The fans of modern and agile software development usually propose to use schemaless database engines to allow for greater flexibility, in particular during the early rapid prototyping phase of IT projects. The more traditionally minded insist that having a strict schema that is enforced by the persistence layer throughout the lifetime of a project is necessary to ensure quality and security.
In this post I would like to explain briefly, why I believe that both groups are completely right and why this is not so paradoxical as it sounds at first glance. I am one of the developers of ArangoDB, which is a multi-model NoSQL database, by which I mean an engine that is a document store, a key/value store as well as a graph database with a query language that allows to use and indeed mix all three data models in queries.
As a document store, ArangoDB is schemaless, which is usually very convenient in the beginning of a software project, where the actual schema is not yet completely clear and subject to frequent changes. Obviously, at any given time in a project, the developers actually have a concrete schema in mind, the only problem is, that it undergoes frequent changes, in particular when using a more agile software development style. With a schemaless database one can tackle these changes in many different ways:
- one can migrate (or indeed erase) the data for every change
- one can make the application client code aware of multiple versions of the schema and teach it to work well with different document types
- one can migrate the data lazily with each update or replacement of a document.
None of these approaches is “right” or “wrong“, but different approaches might be the best in different situations.

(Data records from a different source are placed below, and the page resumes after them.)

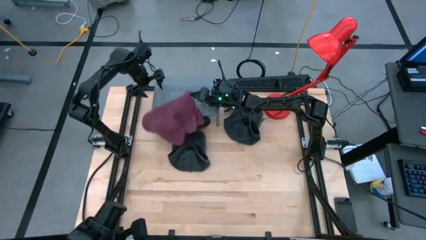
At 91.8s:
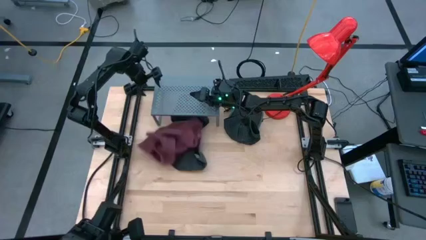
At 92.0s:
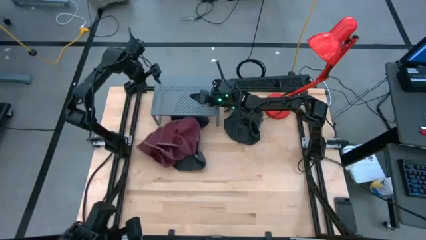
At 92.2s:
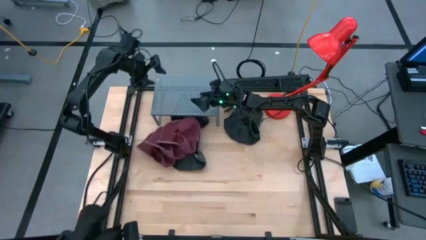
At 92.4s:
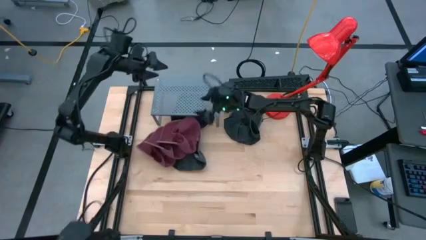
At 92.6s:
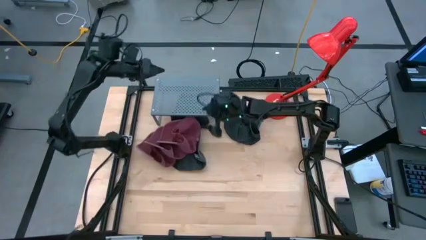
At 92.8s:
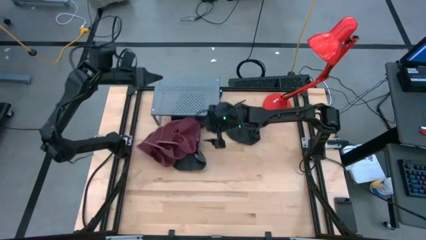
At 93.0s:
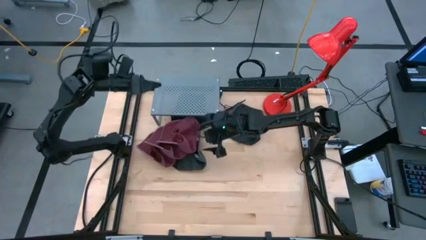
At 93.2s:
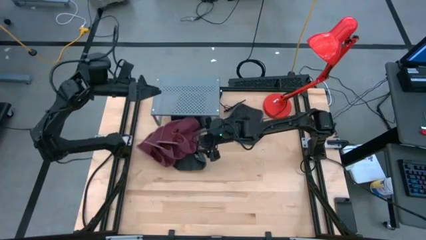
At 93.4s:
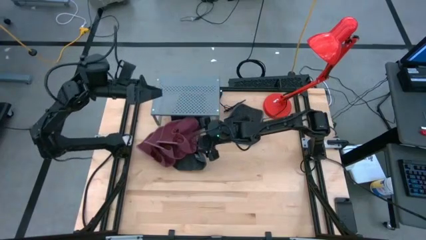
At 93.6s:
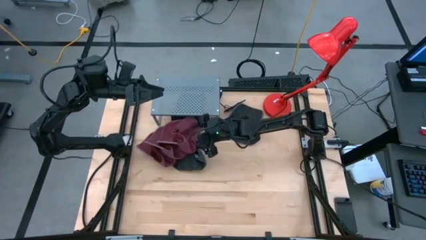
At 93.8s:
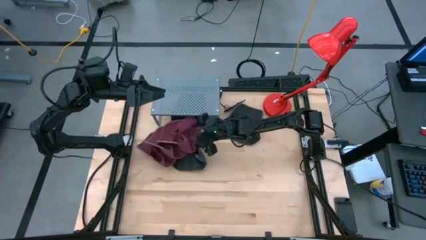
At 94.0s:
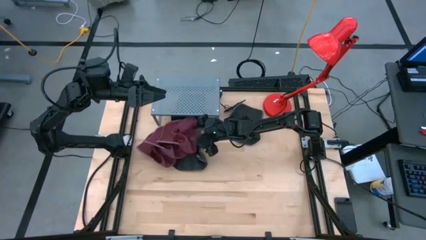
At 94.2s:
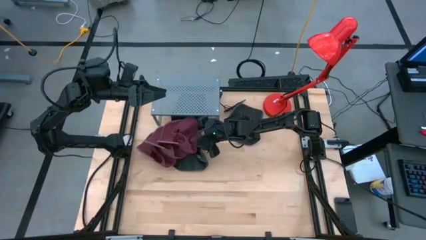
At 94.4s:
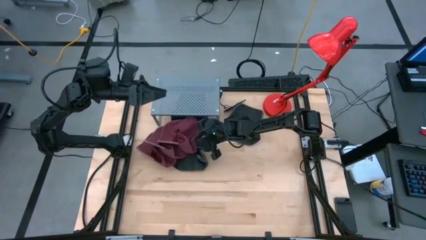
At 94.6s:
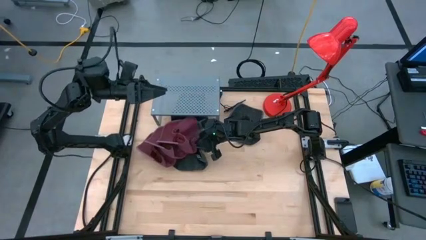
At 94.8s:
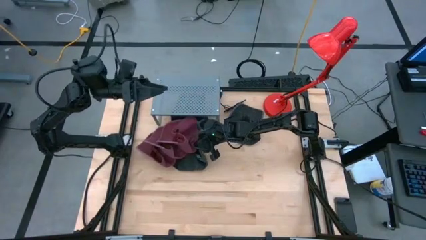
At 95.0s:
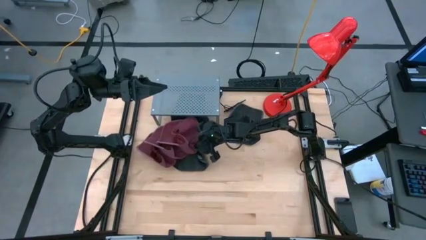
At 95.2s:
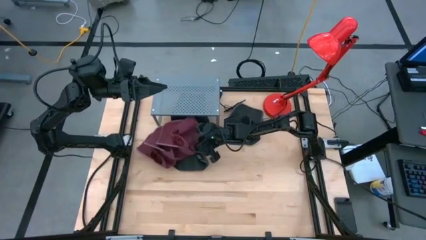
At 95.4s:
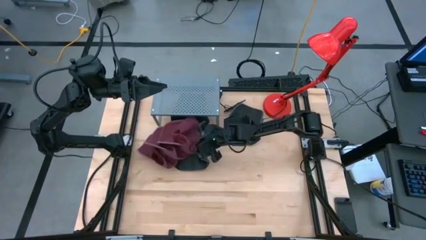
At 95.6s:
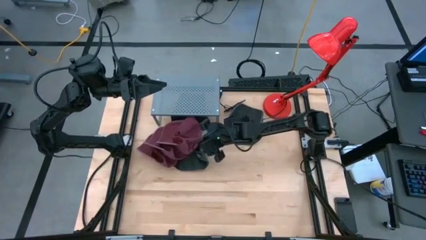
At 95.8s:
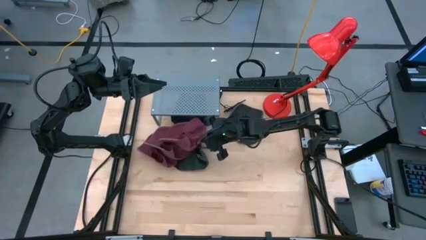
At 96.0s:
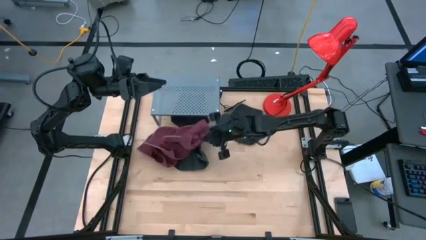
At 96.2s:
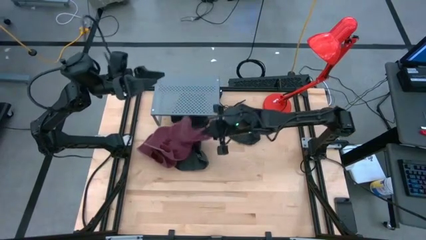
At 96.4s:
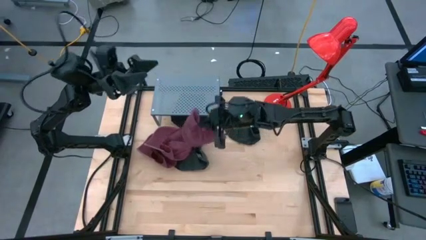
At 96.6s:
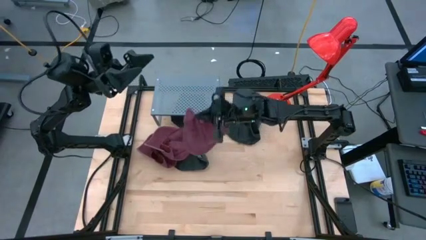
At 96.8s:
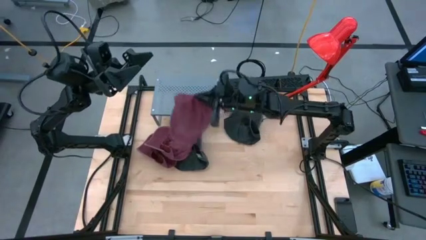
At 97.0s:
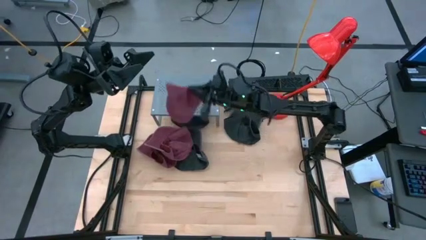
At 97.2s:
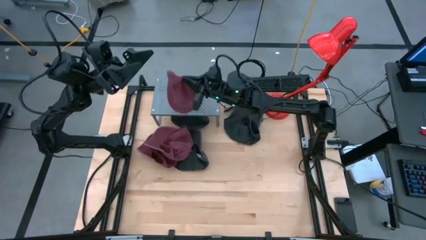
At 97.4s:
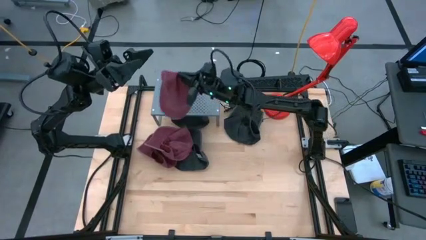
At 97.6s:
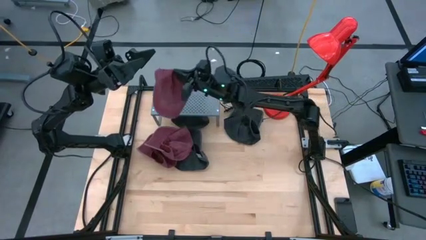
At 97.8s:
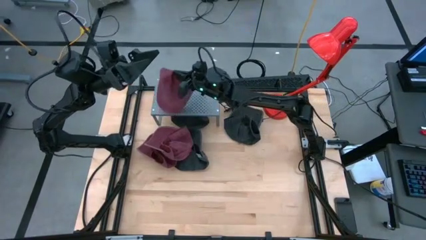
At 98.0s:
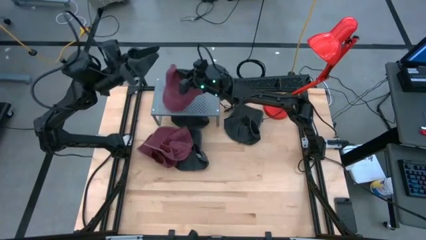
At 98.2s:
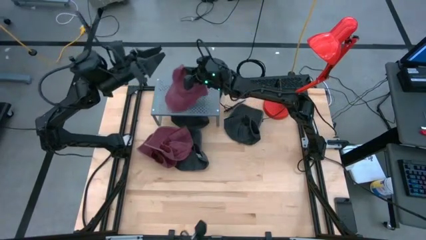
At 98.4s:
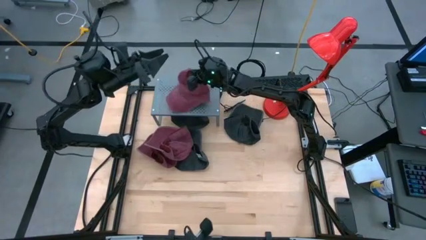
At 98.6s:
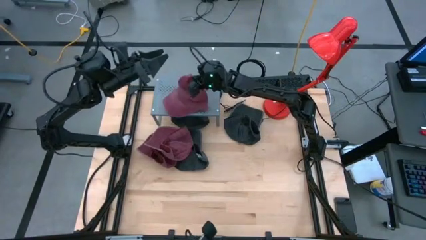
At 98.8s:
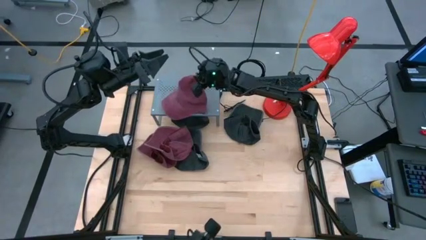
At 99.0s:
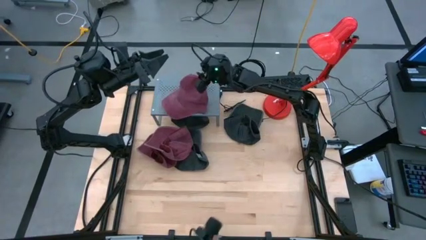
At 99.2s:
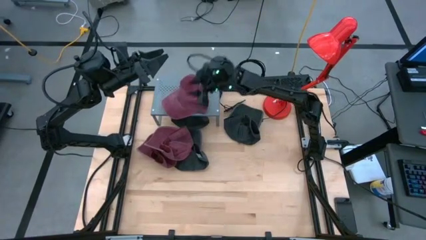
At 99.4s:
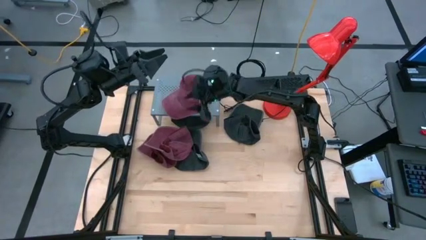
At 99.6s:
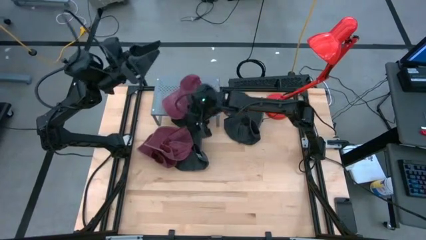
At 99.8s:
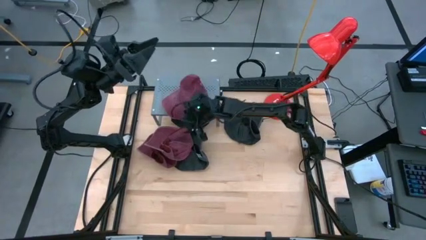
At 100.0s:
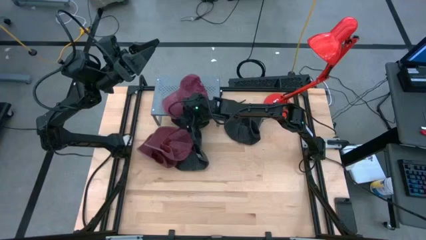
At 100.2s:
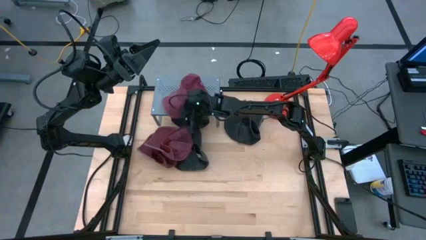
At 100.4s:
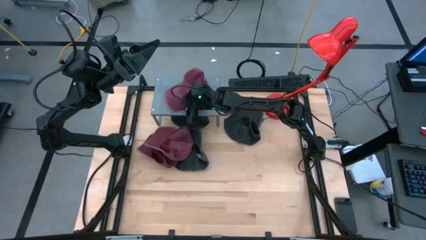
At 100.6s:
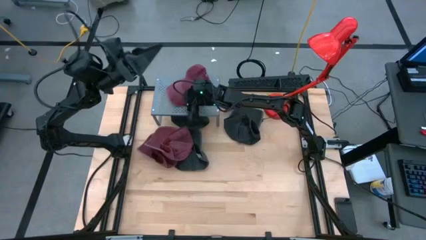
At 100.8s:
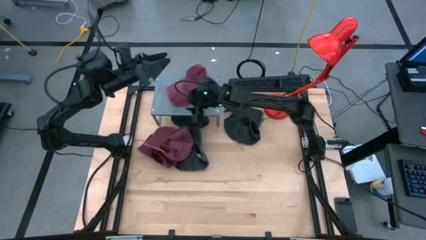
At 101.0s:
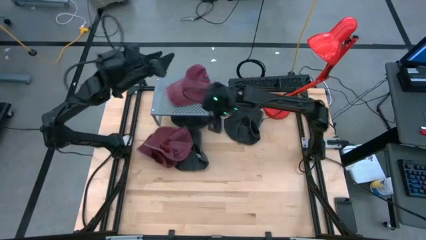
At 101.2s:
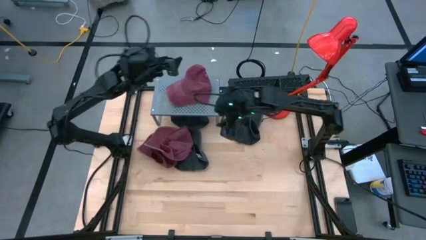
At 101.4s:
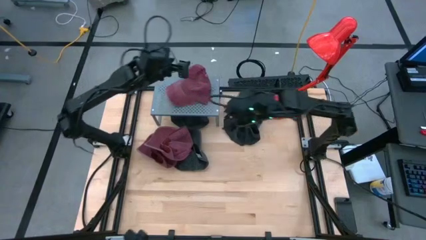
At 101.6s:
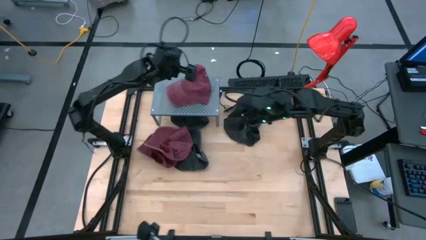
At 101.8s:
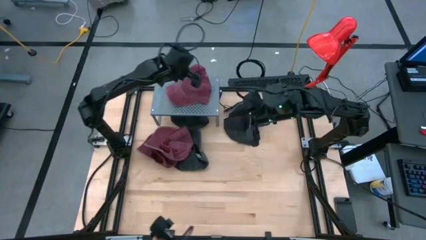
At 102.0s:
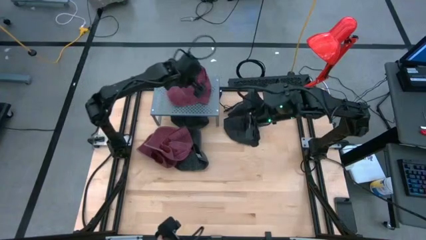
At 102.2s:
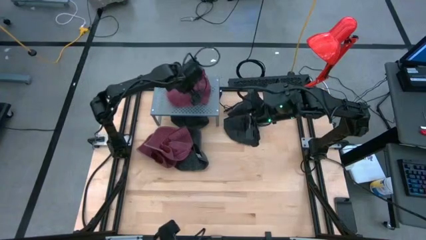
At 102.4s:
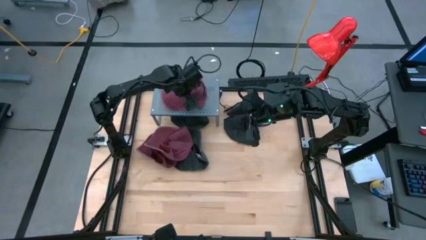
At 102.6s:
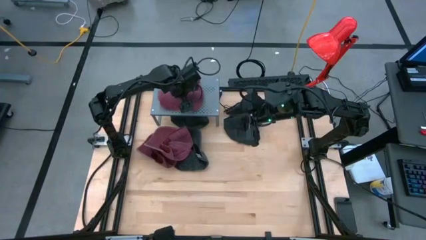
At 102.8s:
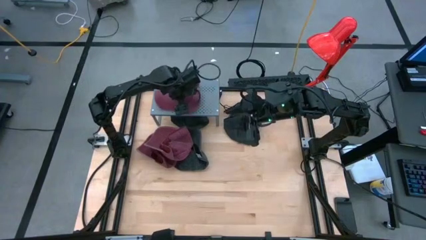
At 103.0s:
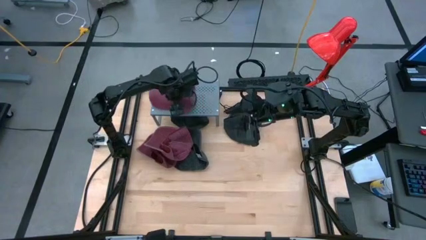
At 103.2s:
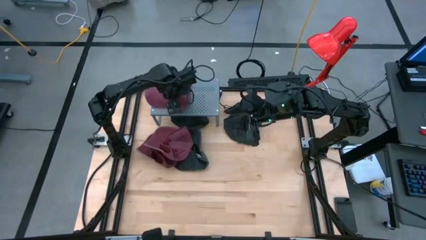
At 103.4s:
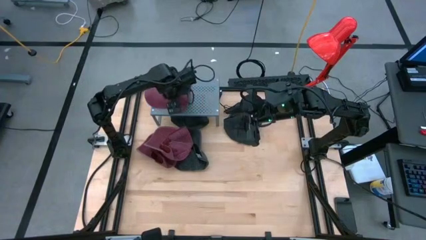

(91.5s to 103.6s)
Task: Pick & Place hat
Put the right red cap on the shelf

Later in the development cycle of most applications the schema becomes more and more fixed and undergoes less changes. In these later phases the classical arguments for schema validation apply again and often security and stability concerns counter flexibility arguments.
In the end, when one has customized the whole API for the app, one can even switch off the standard database API, which further increases security and cleanliness. With this final step one has arrived at a software architecture that implements data-centric microservices in an application-specific way directly in the database server, which is good against bugs, good for performance (complex queries can be run close to the data), good for the simplicity of the application design and good for maintainability. Even the devops like this because the microservices can be deployed and updated independently.